В тринадцатом веке испанский «пергамент из тряпья» все чаще использовался нотариусами и церковниками как в Италии, так и по всему христианскому Западу. К 1260-м гидравлическую бумажную мельницу открыли в итальянском Фабриано. Как эта технология попала в Италию, неизвестно, но исламское участие или влияние сохранилось в итальянских заимствованиях арабской терминологии (итальянское risma, то есть стопа бумаги в 480 листов, происходит от арабского ризмах). Мануфактура в Фабриано оказалась настолько прибыльна, что к 1280-м в городе было уже восемь бумагоделов, а к четырнадцатому веку он производил миллион листов бумаги в год. Его высококачественная продукция экспортировалась в другие страны Средиземноморья, в том числе в мусульманские. Много Коранов было переписано на бумаге с водяными знаками в виде крестов и других христианских символов – досадная ситуация, которая привела к тому, что в 1409 году была объявлена фетва против использования европейской бумаги[342].

Для производства бумаги требовалась чистая проточная вода. «Чем чище вода, – говорилось в одном трактате, – тем лучше и красивее бумага»[343]. Кроме того, нужно было много тряпья. Бумагоделов выручили перемены в моде, произошедшие в тринадцатом веке, когда население Европы начало перебираться из деревень в города. В городах жили теснее, чаще общались с людьми противоположного пола, поэтому отказались от сельской привычки носить штаны на голое тело; появилось белье из льна и поскони. Ношеной одежды, которую скупали старьевщики, стало больше. Утонченность городской жизни вела к тому, что бумагоделы получали вдоволь сырья[344].

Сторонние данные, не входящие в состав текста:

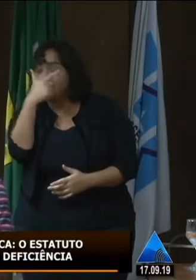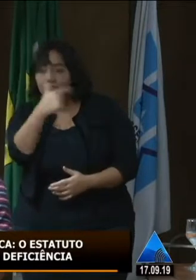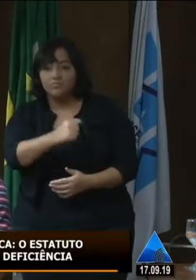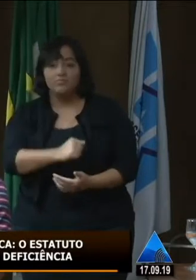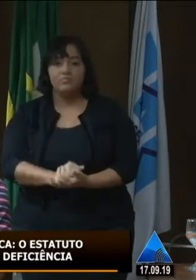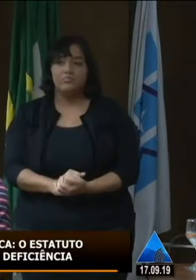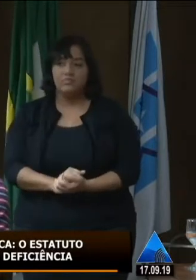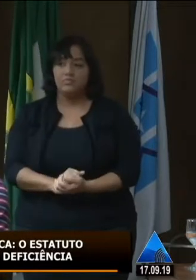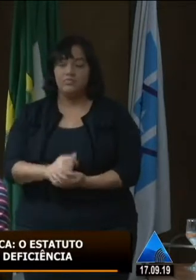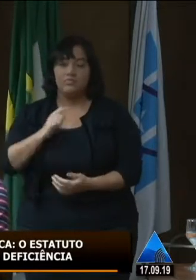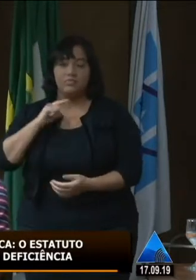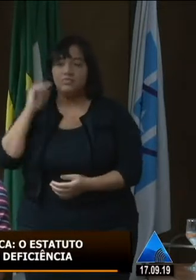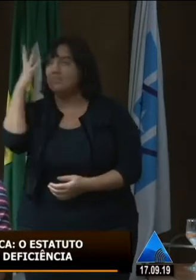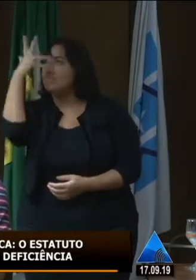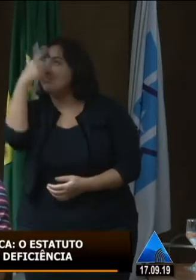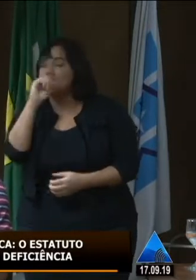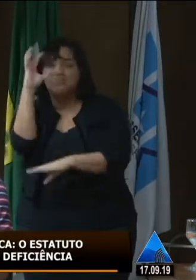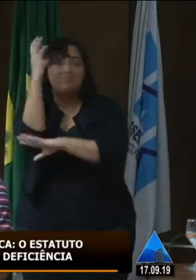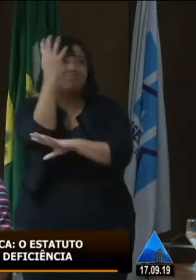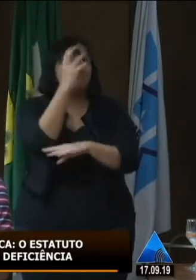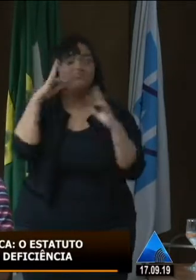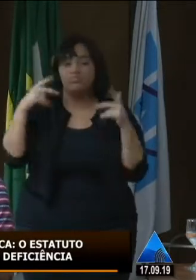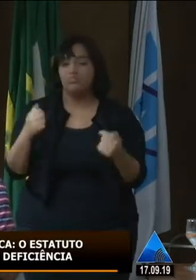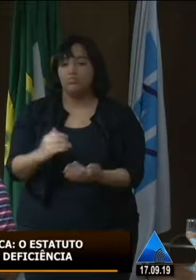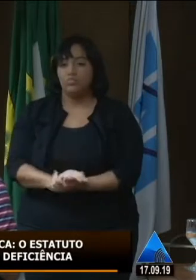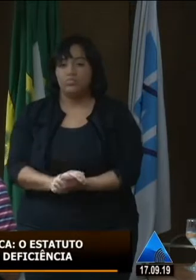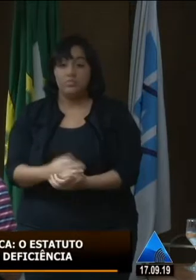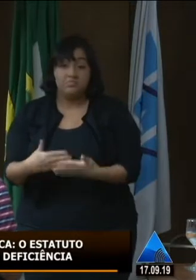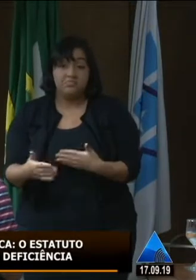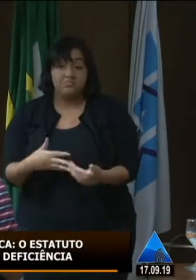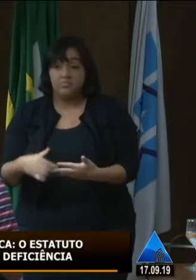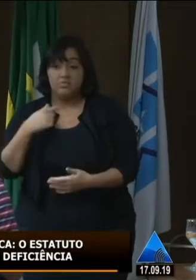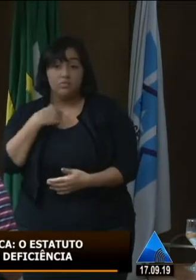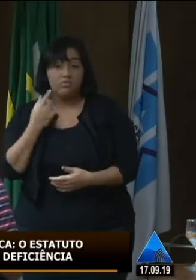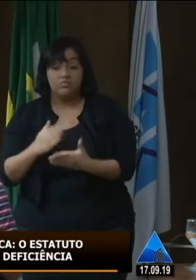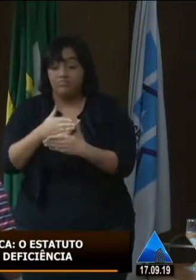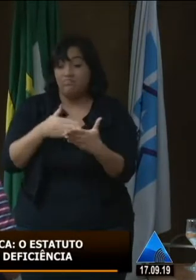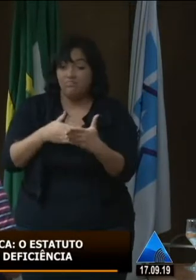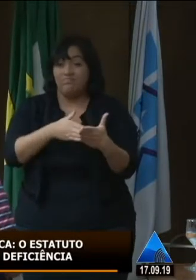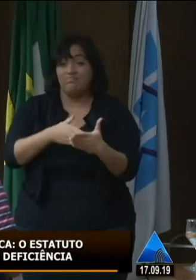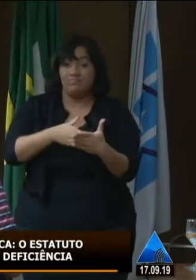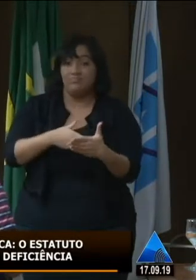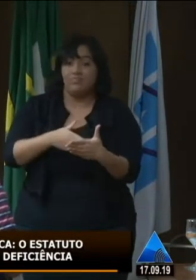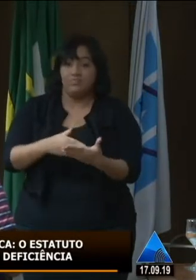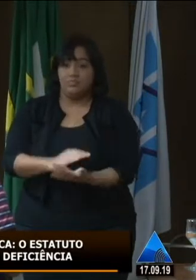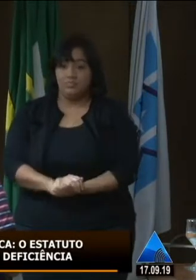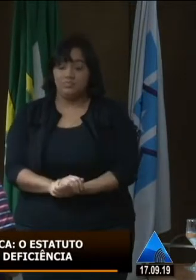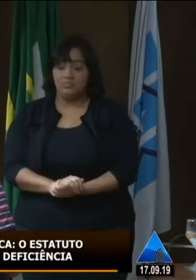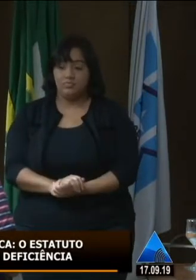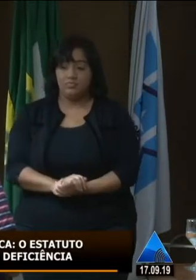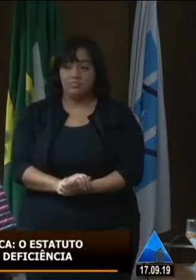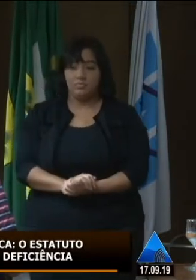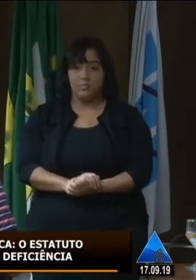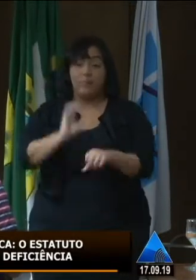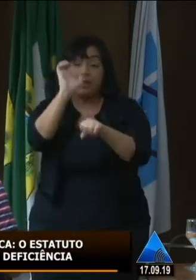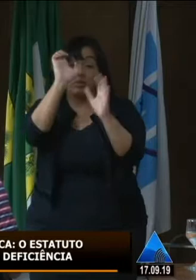tão belo de riquezas, de belezas naturais, e que muitas vezes nós não acessamos. que o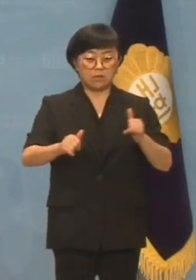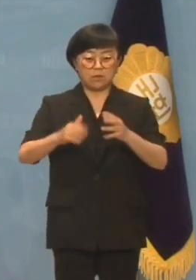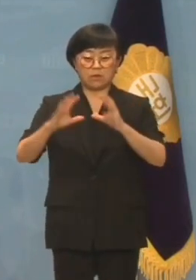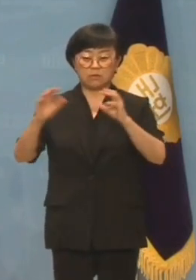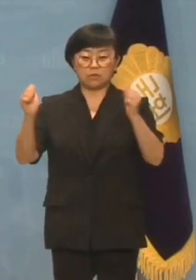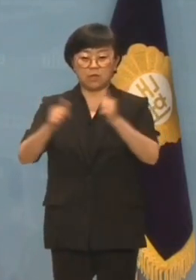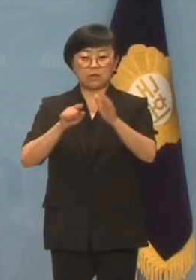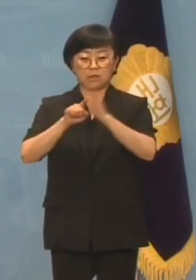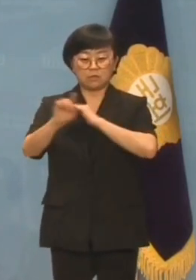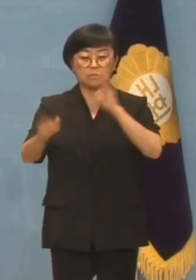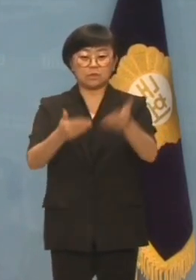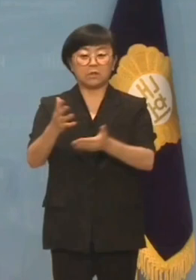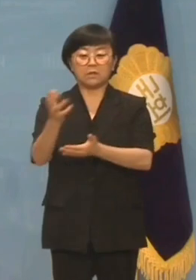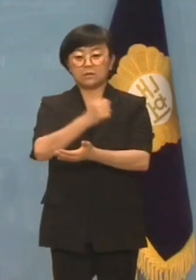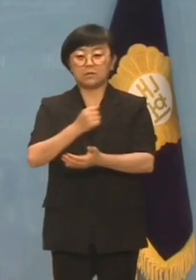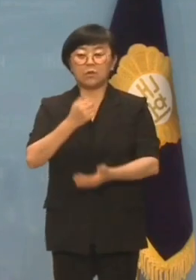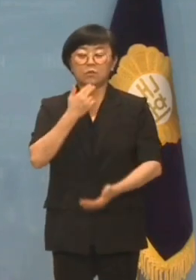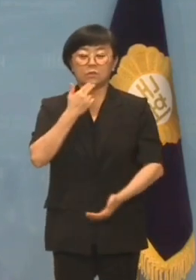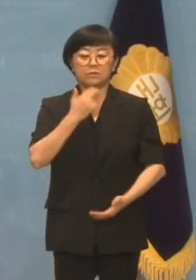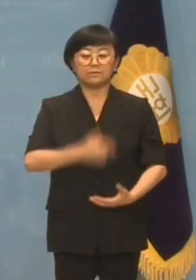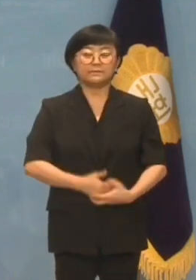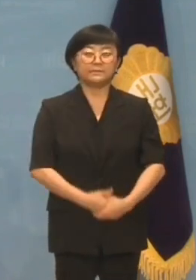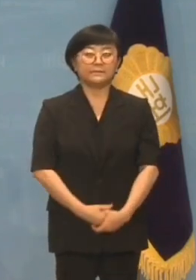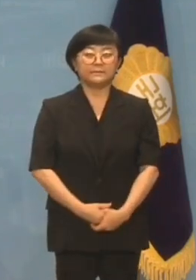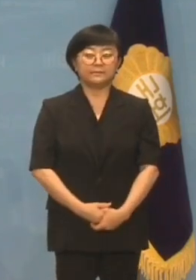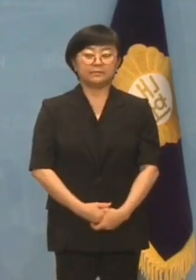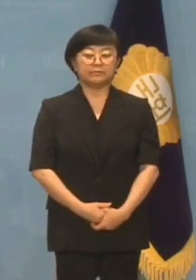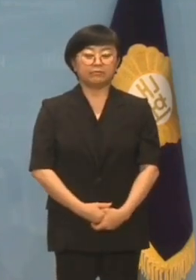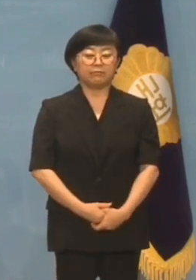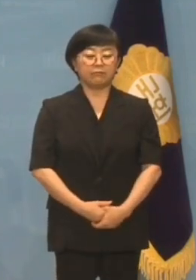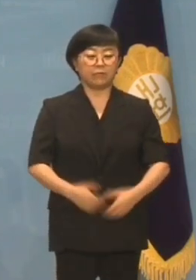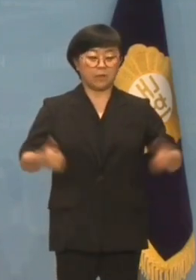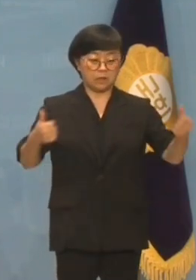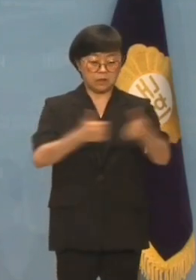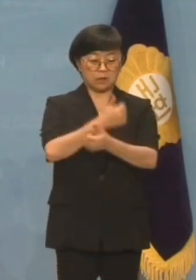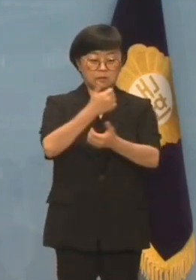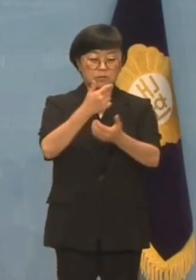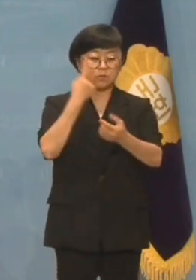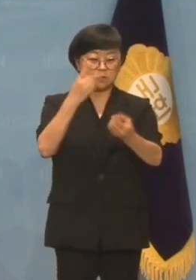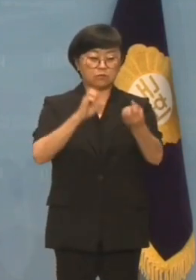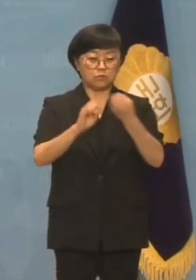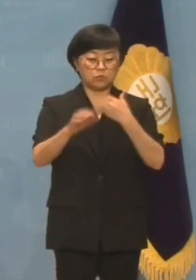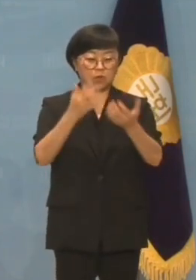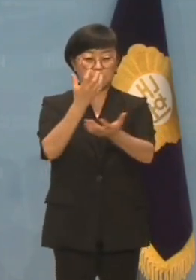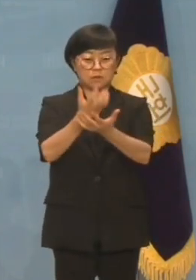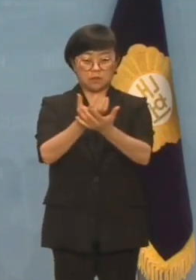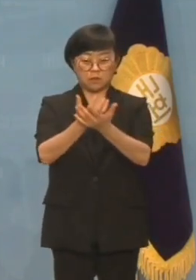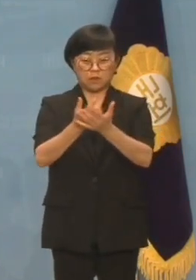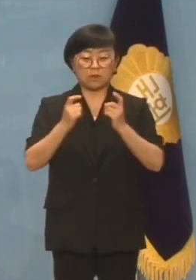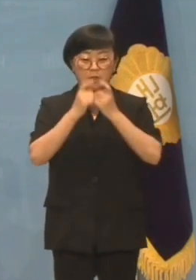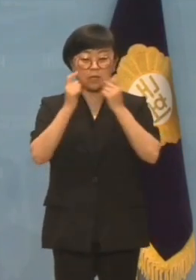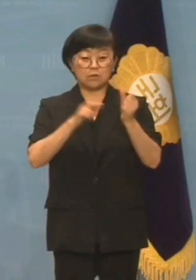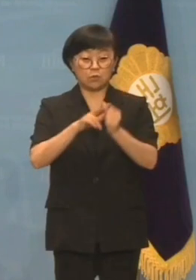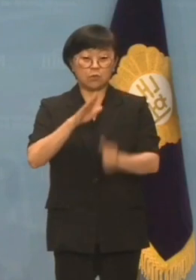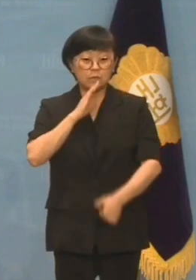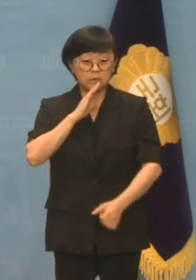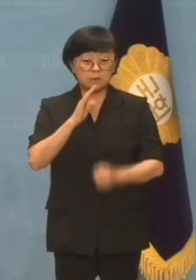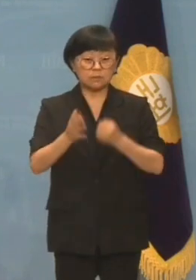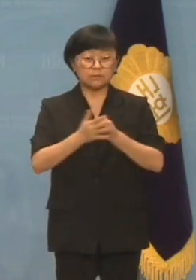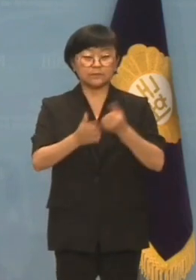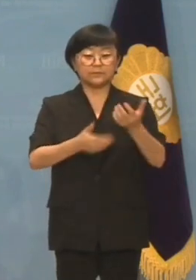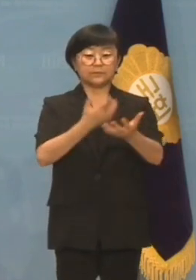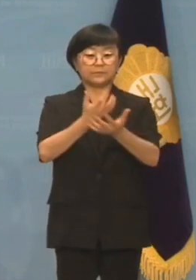국회를 압수수색한 적은 없었습니다. 인사청문회 자료가 개인정보입니까? 앞으로

Трагедии четырнадцатого века также выбросили на рынок огромное количество тряпья. Во время эпидемии Черной смерти в 1348-м многие города, например Флоренция, запрещали продавать одежду и постельное белье умерших от чумы – все это требовалось сжигать. Однако запрет часто обходили, и после гибели примерно пятидесяти миллионов человек по всей Европе на рынке внезапно образовался огромный избыток одежды. Гардероб покойников в последующие годы стал книгами[345].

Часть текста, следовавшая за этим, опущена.